How we integrate datasets using Pi Sync, Google BigQuery, and Tableau
25 Oct 2019
There has been growing questions from our customers about integrating data and moving away from siloed or manual reporting.
We also found that many of our customers are now building automated marketing reporting stacks. They’ve been achieving this using our API and importing data into their data warehouse. So we asked our team: if we were to build a marketing reporting stack ourselves using Pi data, how would we do it?
So the challenge was set out: Integrate a Pi account with over 100,000 search terms with other marketing data sources and then create automated visualisations.
Data importing
Arguably the most difficult aspect of building automated marketing reports is the data importing aspect. How does the team automatically get Pi data into a format that Business Intelligence tools could read? Pi has a robust API that could satisfy this, but this becomes an extra API integration to maintain. Also, we realised that many customers who had built data integrations to communicate with the API essentially built the same software independently of each other.
We decided to build a data integration that we could make available to all our customers and remove the need for everyone to maintain their own API integrations. This is what we now call Pi Sync.
Pi Sync is a fairly simple tool. The user inputs their SQL Database credentials into Pi and then sets up the source data they require to be pushed across there. Within moments, Pi Sync pushes data to the selected database and will do this automatically every time data has been made available.
Because our next step involved Google BigQuery we decided to use Google’s CloudSQL hosted in Europe to connect to Pi Sync.
We then had a database full of Pi data that was automatically being updated.
Data warehousing
The next challenge was integrating data from different marketing locations. For a small amount of data, this could simply be achieved by plugging a Business Intelligence platform straight into the SQL database and using the inbuilt features to combine the data sets. However, this does hit scalability and performance issues quite quickly for large datasets. This is why we opted to go with Google BigQuery to satisfy the scalability issues in a cost-effective manner. As BigQuery puts it ‘Focus on the analytics, not your infrastructure’.

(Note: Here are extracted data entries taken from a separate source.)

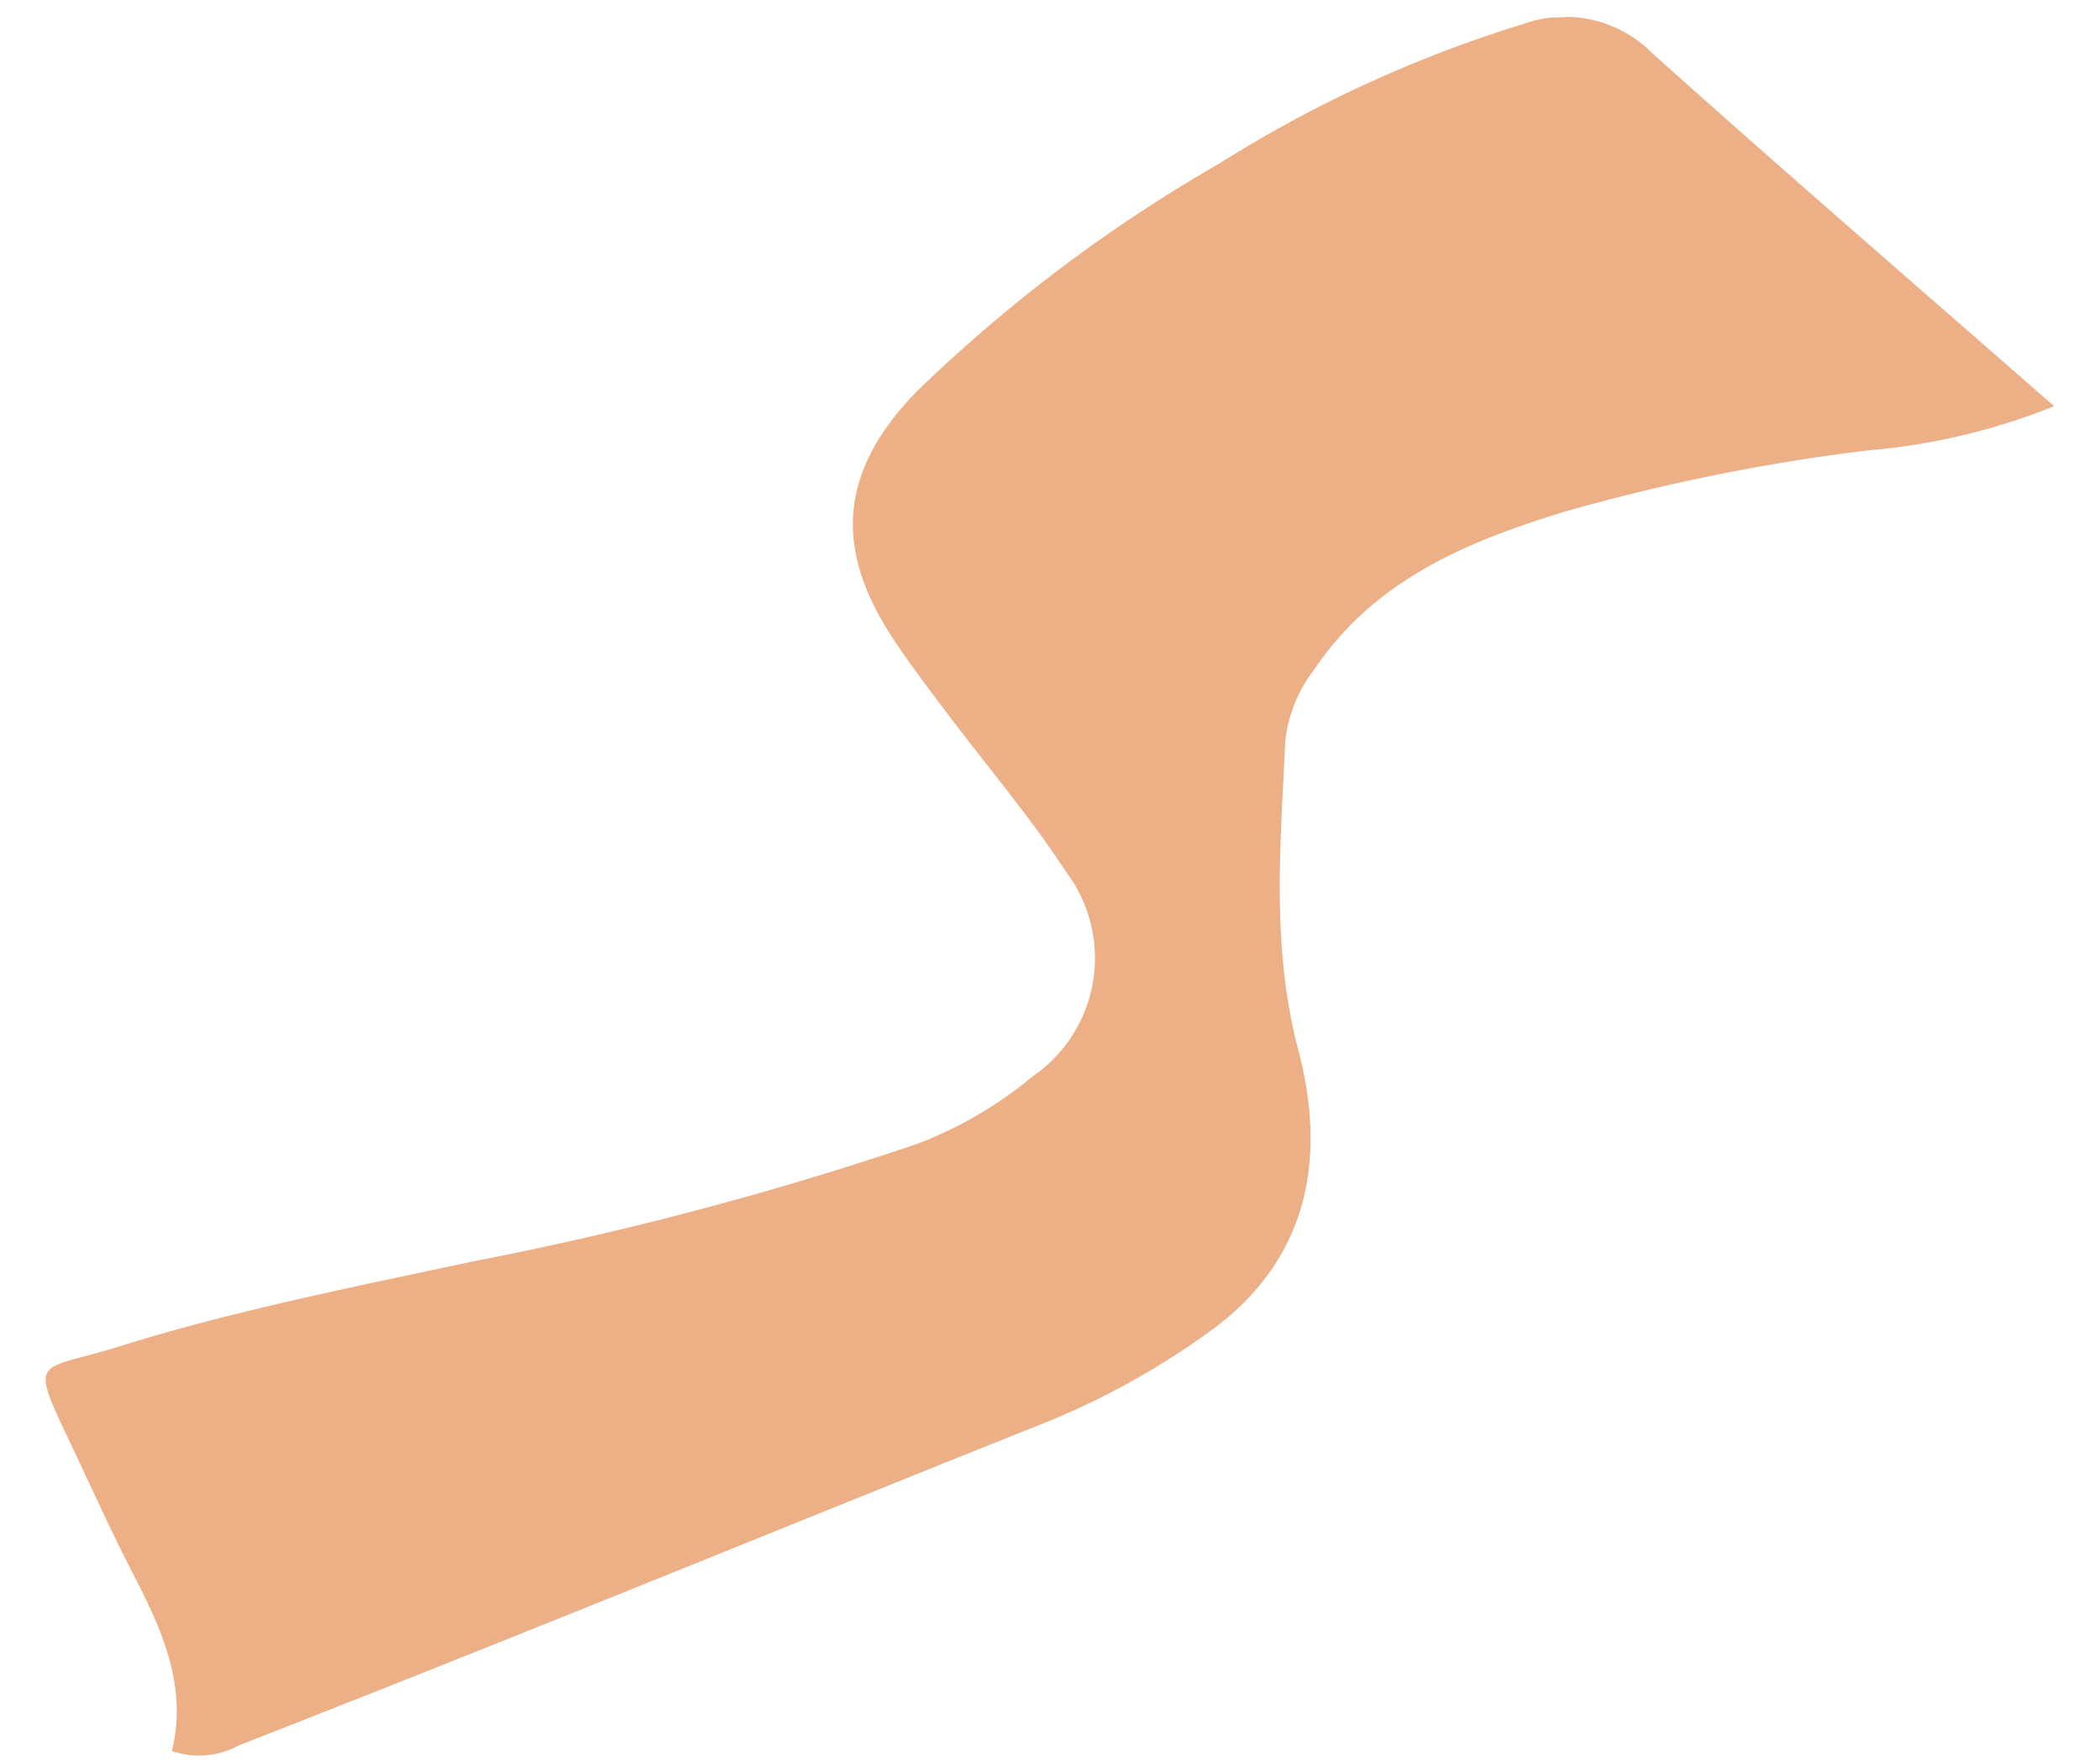 <svg xmlns="http://www.w3.org/2000/svg" xmlns:xlink="http://www.w3.org/1999/xlink" width="56.748" height="47.595" viewBox="0 0 56.748 47.595">
  <defs>
    <clipPath id="clip-path">
      <rect id="Rectangle_807" data-name="Rectangle 807" width="45.697" height="55.187" fill="none"/>
    </clipPath>
  </defs>
  <g id="Group_251" data-name="Group 251" transform="matrix(-0.035, -0.999, 0.999, -0.035, 1.595, 47.595)">
    <g id="Group_250" data-name="Group 250" clip-path="url(#clip-path)">
      <path id="Path_604" data-name="Path 604" d="M45.542,41.178a34.223,34.223,0,0,0-3.465-8.3,41.338,41.338,0,0,0-5.895-8.422c-2.03-2.109-4.077-2.392-6.554-.915-.735.438-1.433.939-2.137,1.429-1.467,1.022-2.872,2.145-4.4,3.064a3.878,3.878,0,0,1-5.514-1.076,11.034,11.034,0,0,1-1.72-3.195A91.785,91.785,0,0,1,13.1,11.634c-.578-3.241-1.1-6.5-1.974-9.67-.6-2.208-.138-2.4-2.59-1.34-1.184.512-2.38,1-3.545,1.55-1.551.737-3.111,1.376-4.832.883A2.23,2.23,0,0,0,.245,4.869q1.6,4.554,3.246,9.093C5.023,18.2,6.576,22.429,8.1,26.668a20.991,20.991,0,0,0,2.511,4.97c1.844,2.63,4.531,3.173,7.441,2.513,2.8-.633,5.548-.281,8.32-.059a3.83,3.83,0,0,1,1.932.854c2.369,1.713,3.316,4.259,4.025,6.905A53.235,53.235,0,0,1,33.7,50.1a17.256,17.256,0,0,0,1.019,5.083c3.443-3.663,6.649-7.124,9.92-10.522a3.326,3.326,0,0,0,.9-3.487" transform="translate(0 0)" fill="#edaf86"/>
    </g>
  </g>
</svg>

Because we didn’t have a data warehouse our first step was centralising all the data into BigQuery. As Pi data was already in CloudSQL we only needed to create a connection within BigQuery. Next, to bring in other data sources, not surprisingly, BigQuery has default connections to Google Ads. We used Google Ads, but also, for a bit of fun, we brought in some of the public data sources BigQuery has available. Why not see if there’s a correlation between cloud-to-ground lightning strikes and search data? (There isn’t by the way).
Visualisation
With BigQuery being used as our selected data warehouse we had a lot of options for data visualisation, however, as we already have the licence and infrastructure set up we still opted with one of the more advanced business intelligence tools in Tableau Desktop and Server.
Tableau, by default, hooks straight into BigQuery and does have the ability to connect to the entire data source. Meaning at this point you can query directly from Tableau, dragging and dropping any combination of dimensions and metrics. We were highly impressed with BigQueries ability to handle complex SQL queries from Tableau, queries that would traditionally require hours for us to compute were taking seconds.
Depending on your use case, you’ll likely want to go back into BigQuery and optimise your queries in there to save money. Tableau also has some good best practices. https://www.tableau.com/learn/whitepapers/google-bigquery-tableau-best-practices
Pi Sync → BigQuery → Tableau
There you go, an automated marketing reporting stack. If you already have the business intelligence infrastructure, there is no reason why you can’t have the barebones setup within an afternoon. What can you do? Well anything, but here are some ideas.
- High-level reporting - Performance overview of all your marketing data. SEO, PPC, Display, Affiliates, Email, Social etc.
- Key opportunity area - Blend data sources to see efficiency opportunities.
- Sales Pipeline - Combine sales pipeline with content data to determine the true lifetime value of content.